Tribal ramifications of Supreme Court decision
By allowing the DC Circuit decision to stand, the Supreme Court tacitly gave Indian tribes nationwide the greenlight to include online gaming in state compacts as long as the gaming is allowed under state law.
This means that other tribes around the nation could begin including online gaming in compacts with the state rather than entering commercial agreements, as tribes have done in Michigan and Arizona.
Earlier this year, the Department of Interior finalized rules making official that the DOI will approve compacts with internet gaming as long as state law and the compacts deem the betting to take place on tribal lands, where the servers are located.
Scott Crowell, a longtime tribal attorney with particular experience representing tribes in California and Arizona, told PlayUSA:
“Today’s decision was expected but still very welcome news as it validates that tribes are able to offer statewide mobile gaming under IGRA. The position advocated by Florida’s card rooms that IGRA could actually be used to prevent tribes from participating in the largest expanding sector of the gaming industry would have turned congressional intent in the passage of IGRA on its head.”
Options for West Flagler to continue compact challenge
Although SCOTUS has the final word on legal issues in the United States, West Flagler does have options to continue its challenge of the Seminole compact.
West Flagler’s challenge could continue at the state level. West Flagler already tried to get the Florida Supreme Court to rule that the governor overstepped his authority by signing a compact that included online sports betting. The highest state court declined to hear the case.
West Flagler could challenge in Leon County Circuit Court that the compact violates state constitutionality that the people of the state approve any expansion of gaming.
Florida-based gaming attorney Daniel Wallach said West Flagler also could file an equal protection lawsuit in Tallahassee federal court, citing the earlier Kavanaugh statement. Or it could challenge the new DOI rule in federal court.
Because the DC Circuit didn’t specifically rule on whether online gaming servers being located on tribal land satisfies the requirements for gaming under IGRA to take place on tribal lands, Wallach doesn’t believe this will be the last the Supreme Court hears about online gaming under IGRA.
Wallach posted on X (formerly known as Twitter):
“It seems unlikely the DC Circuit’s decision will be the last word on the ‘compactability’ of internet gaming. SCOTUS will weigh in at some point and resolve the uncertainty over IGRA’s scope.”
Wallach filed an amicus brief with the Supreme Court in support of West Flagler’s petition. In the Supreme Court filing, Wallach cites a PlayUSA article on how the DC Circuit decision could eventually facilitate tribal online sports betting and online casino gaming in California.
Decision could spark Florida online casino effort
Seminole Gaming CEO Jim Allen told PlayUSA in April that a favorable US Supreme Court decision on the compact challenge could lead the Seminole Tribe to begin pursuing Florida online casinos through the legislature.
“I think that, No. 1, if the case was resolved in our favor, we would then have to reinitiate conversations with the governor’s office, the House and the Senate.

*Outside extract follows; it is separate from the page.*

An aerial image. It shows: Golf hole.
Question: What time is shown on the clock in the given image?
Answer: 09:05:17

And then that becomes a political process that we would navigate through.”
Originally, the compact agreed to by the Seminole Tribe and Gov. Ron DeSantis set the stage for future online casino discussions.

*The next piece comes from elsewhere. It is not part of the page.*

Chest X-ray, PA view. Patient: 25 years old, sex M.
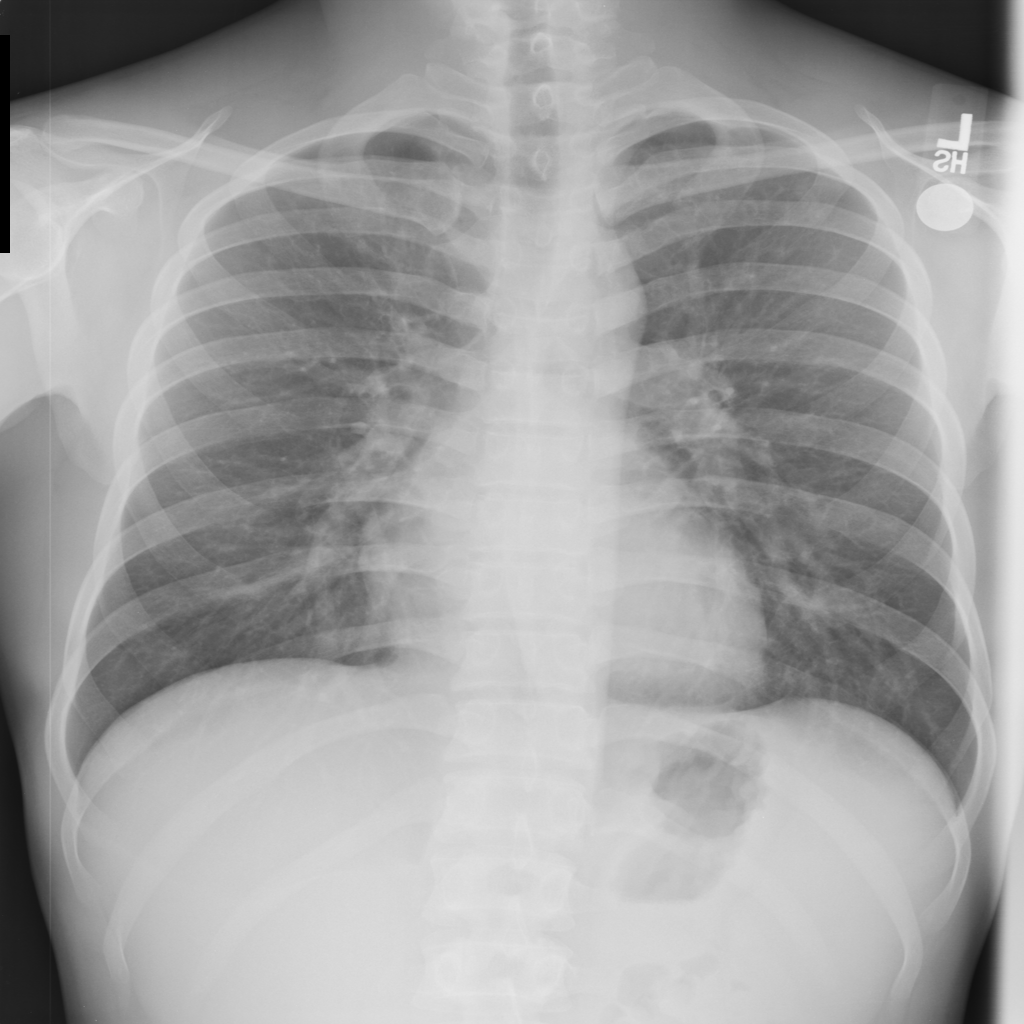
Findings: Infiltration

It included language instructing the state to begin good-faith negotiations with the tribe on Florida online casino within 36 months of the compact going into effect.
In approving the compact during a special legislative session in 2021, the legislature removed mention of iCasino.
With the statewide online sports betting model now cleared federally, the tribe could look to ignite those discussions with the state as soon as next year.